Additionally, the results from such an exercise are only as good as the analysis methods used and in that regard one has two options, both flawed. Naturally, the platforms will require different pre-processing strategies, but if different methods of analysis are also used for segmentation, then the performance of the technology will be confounded with the adequacy of the algorithm. This then punishes newer technologies for which analytical methodologies are not yet mature. The alternative, to use a common approach for the analysis of all platforms, is undesirable firstly because that approach is likely to have been developed for one of the technologies and may thus introduce bias, and secondly because the deliberate use of a sub-optimal analysis does not provide useful information to inform decisions in the real world. Nonetheless, informative qualitative comparisons can be made without performing segmentation that illuminate the relative strengths and weaknesses of each platform. We acknowledge that some users will be primarily interested in a comparison based on using existing analytical tools, rather than concerning themselves with the potential of each platform, but that is not the purpose of this study.
This study differs from previous comparative assessments of copy number profiling platforms in that we have attempted to characterize the strengths and weaknesses of various platforms in as unbiased a fashion as possible by avoiding measures that cannot be fairly computed, highlighting areas of potential bias, and emphasizing a graphical assessment of performance that provides insight about the underlying technology as well as the specific platform. Inevitably, despite considerable effort, these comparisons will be shaped by our own prejudices concerning copy number analysis, but we have made the raw data available for others to draw their own conclusions.
Due to the speed of platform development, it is typical for a platform to be superseded by one with a greater number of features before comparisons involving it are published. The generation of platforms described here have not yet been the subject of an in-depth comparison, but have indeed already been superseded since this study was performed. Nonetheless, the underlying technologies are similar and a comparison is still informative. Implications for the new generations are discussed in the New Platforms section.
Herein we describe a comparison based on the analysis of two cell lines, six primary breast tumours, including matched normal samples, and two HapMap individuals. The SUM159 and MT3 cell lines and HapMap samples were selected based on the presence of known chromosomal aberrations, while the tumours are highly heterogeneous and hence present additional complexity for copy number analysis, not least with regard to their varying degrees of cellularity.

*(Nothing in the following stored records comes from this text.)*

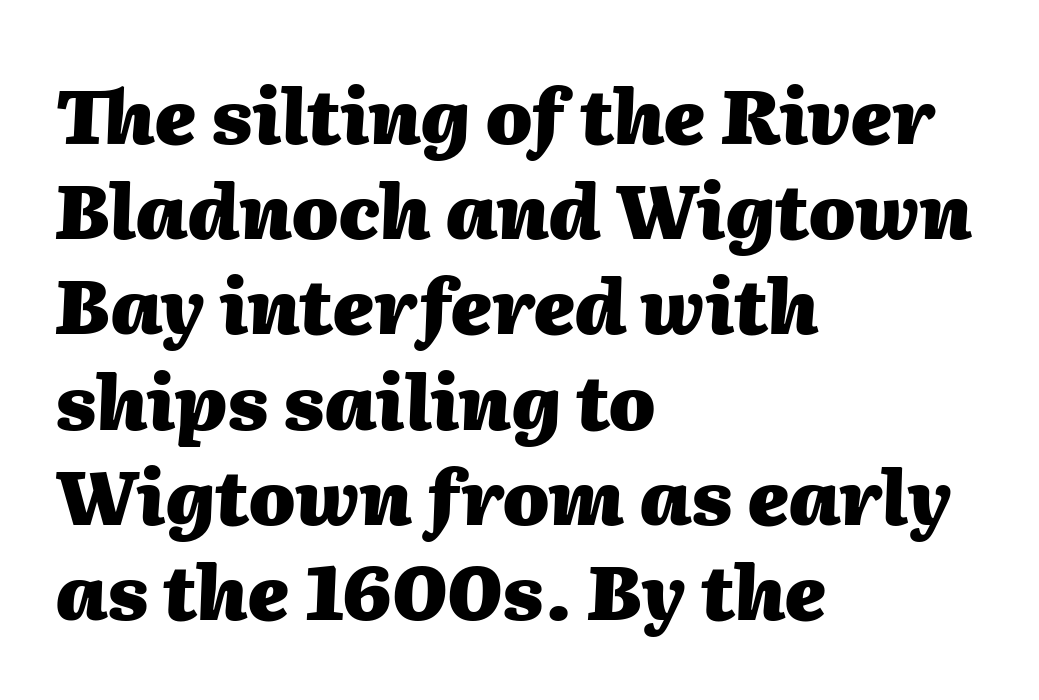
You'd pick this weight for a headline — it's a proper bold. Quick note: interline space is typical. Compared with typical body copy, the letter spacing here is the same. Looking at the ascenders, they clearly lean. The foot of each line stays bare and open.
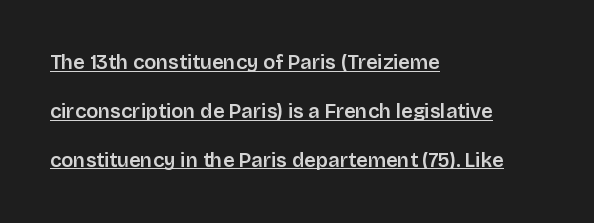
Tracking value appears to be zero — textbook default spacing. You can see a thin bar hugging the bottom of the glyphs. This rendering uses left alignment, leaving the right contour irregular. The leading is generous, giving the passage an open texture.
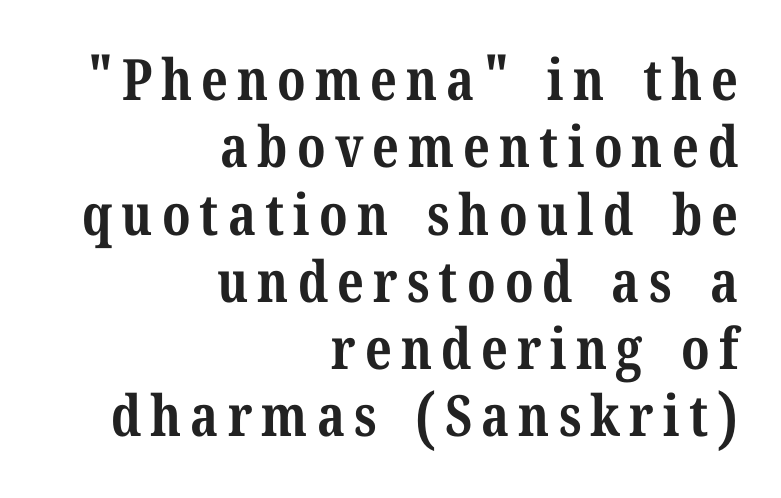
Q: Is the text bold? A: Yes.
Q: Is the text italic (slanted)? A: No, it is upright.
Q: Is the typeface a serif or a sans-serif typeface? A: Serif.
Q: Is the text underlined? A: No.
Q: How is the paragraph aligned? A: Right-aligned.
Q: Width (condensed, normal, or wide)? A: Normal.
Q: Stroke contrast? A: Medium.
Q: x-height? A: Medium.
Q: Monospaced? A: No.
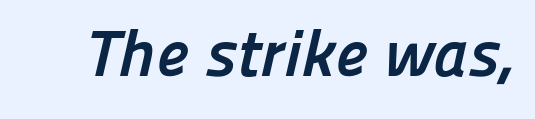
{"serif": "no", "bold": "yes", "weight": "semibold", "width": "normal", "stroke_contrast": "low", "x_height": "medium", "monospaced": "no", "underline": "no", "letter_spacing": "normal", "letter_spacing_em": 0.0, "glyph_px": 66}
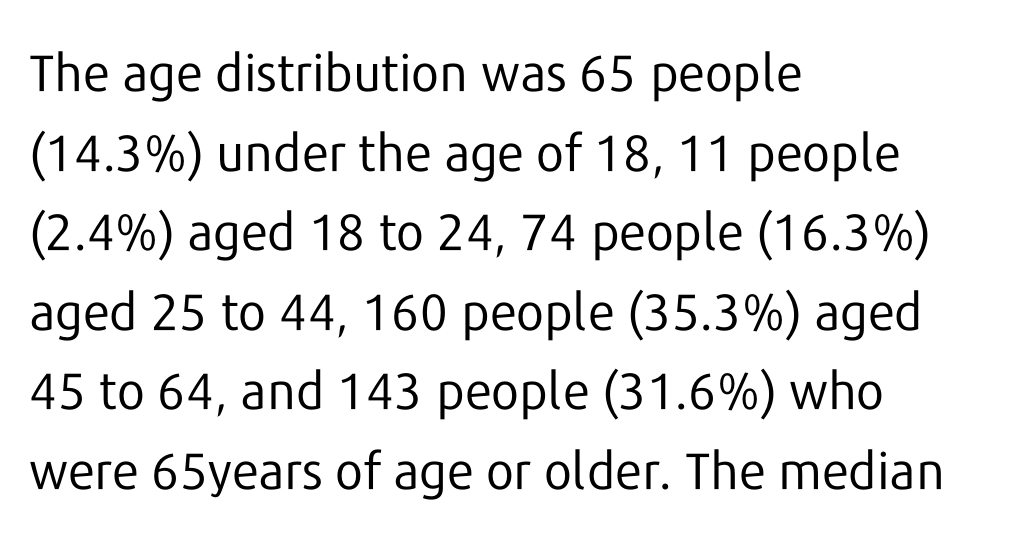
{"serif": "no", "italic": "no", "bold": "no", "weight": "regular", "width": "normal", "stroke_contrast": "low", "x_height": "medium", "monospaced": "no", "underline": "no", "align": "left", "line_spacing": "normal", "line_spacing_ratio": 1.56, "letter_spacing": "normal", "letter_spacing_em": 0.0, "glyph_px": 51}

Here we present an analysis of probe coverage on each of the microarray platforms and a technical description of their reproducibility, sensitivity, and noise. We also provide an in-depth visual assessment of the ability of the different platforms to identify a range of sizes of copy number aberration. Lastly, we provide a publicly available dataset resulting from the processing of a range of samples (chosen to evaluate different abilities) on each platform. This information will allow interested parties to make decisions based on their own circumstances, preferences, and constraints.